Given that, if any whole number above 1 and below or up to sqrroot(n) divides evenly into n, then n cannot be a prime number.

Pseudo-code example:

i = 2;

is_prime = true;

while loop (i <= sqrroot(n))
{
  if (n % i == 0)
  {
    is_prime = false;
    exit while;
  }
  ++i;
}

Answer 3

Let's say we have a number "a", which is not prime [not prime/composite number means - a number which can be divided evenly by numbers other than 1 or itself. For example, 6 can be divided evenly by 2, or by 3, as well as by 1 or 6].

6 = 1 × 6 or 6 = 2 × 3

So now if "a" is not prime then it can be divided by two other numbers and let's say those numbers are "b" and "c". Which means

a=b*c.

Now if "b" or "c" , any of them is greater than square root of "a "than multiplication of "b" & "c" will be greater than "a".

So, "b" or "c" is always <= square root of "a" to prove the equation "a=b*c".

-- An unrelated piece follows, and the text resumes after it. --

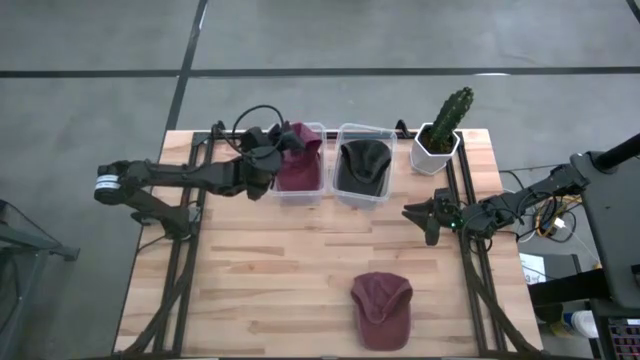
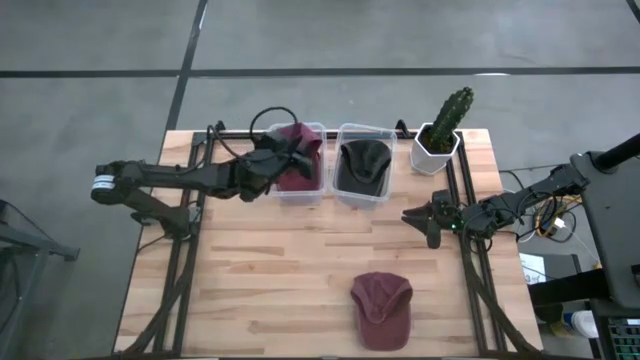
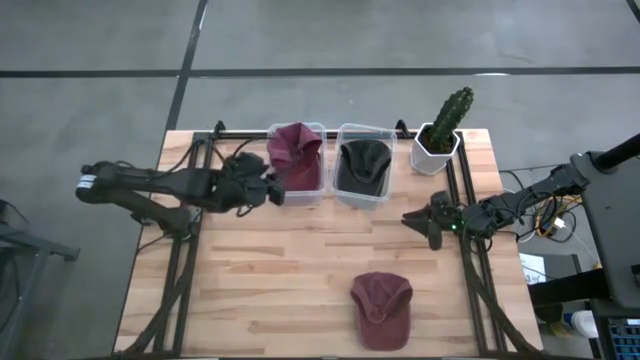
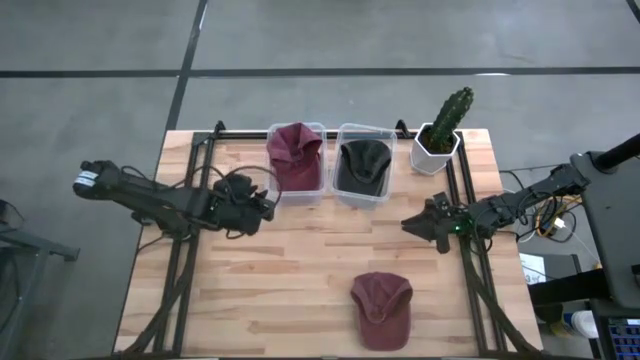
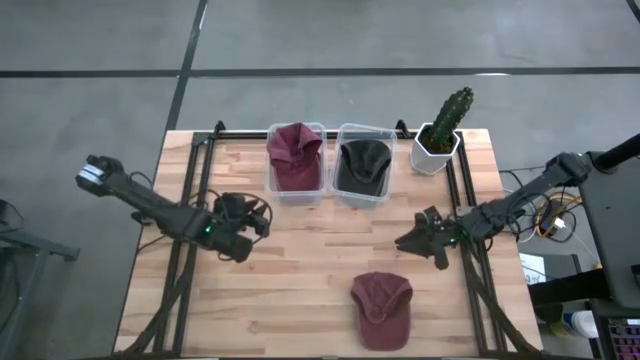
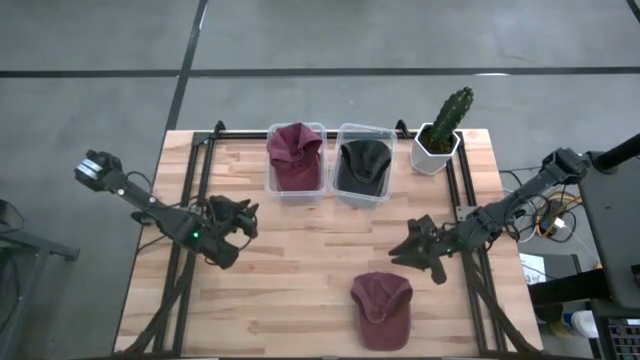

Because of the above reason, when we test if a number is prime or not, we only check until square root of that number.

Answer 4

Let's say m = sqrt(n) then m × m = n. Now if n is not a prime then n can be written as n = a × b, so m × m = a × b. Notice that m is a real number whereas n, a and b are natural numbers.

Now there can be 3 cases:

1. a > m ⇒ b < m
2. a = m ⇒ b = m
3. a < m ⇒ b > m

In all 3 cases, min(a, b) ≤ m. Hence if we search till m, we are bound to find at least one factor of n, which is enough to show that n is not prime.

Answer 5

So to check whether a number N is Prime or not. We need to only check if N is divisible by numbers<=SQROOT(N). This is because, if we factor N into any 2 factors say X and Y, ie. N=XY. Each of X and Y cannot be less than SQROOT(N) because then, XY < N Each of X and Y cannot be greater than SQROOT(N) because then, X*Y > N

Therefore one factor must be less than or equal to SQROOT(N) ( while the other factor is greater than or equal to SQROOT(N) ). So to check if N is Prime we need only check those numbers <= SQROOT(N).

Answer 6

Any composite number is a product of primes.

Let say n = p1 * p2, where p2 > p1 and they are primes.

If n % p1 === 0 then n is a composite number.

If n % p2 === 0 then guess what n % p1 === 0 as well!

So there is no way that if n % p2 === 0 but n % p1 !== 0 at the same time. In other words if a composite number n can be divided evenly by p2,p3...pi (its greater factor) it must be divided by its lowest factor p1 too. It turns out that the lowest factor p1 <= Math.square(n) is always true.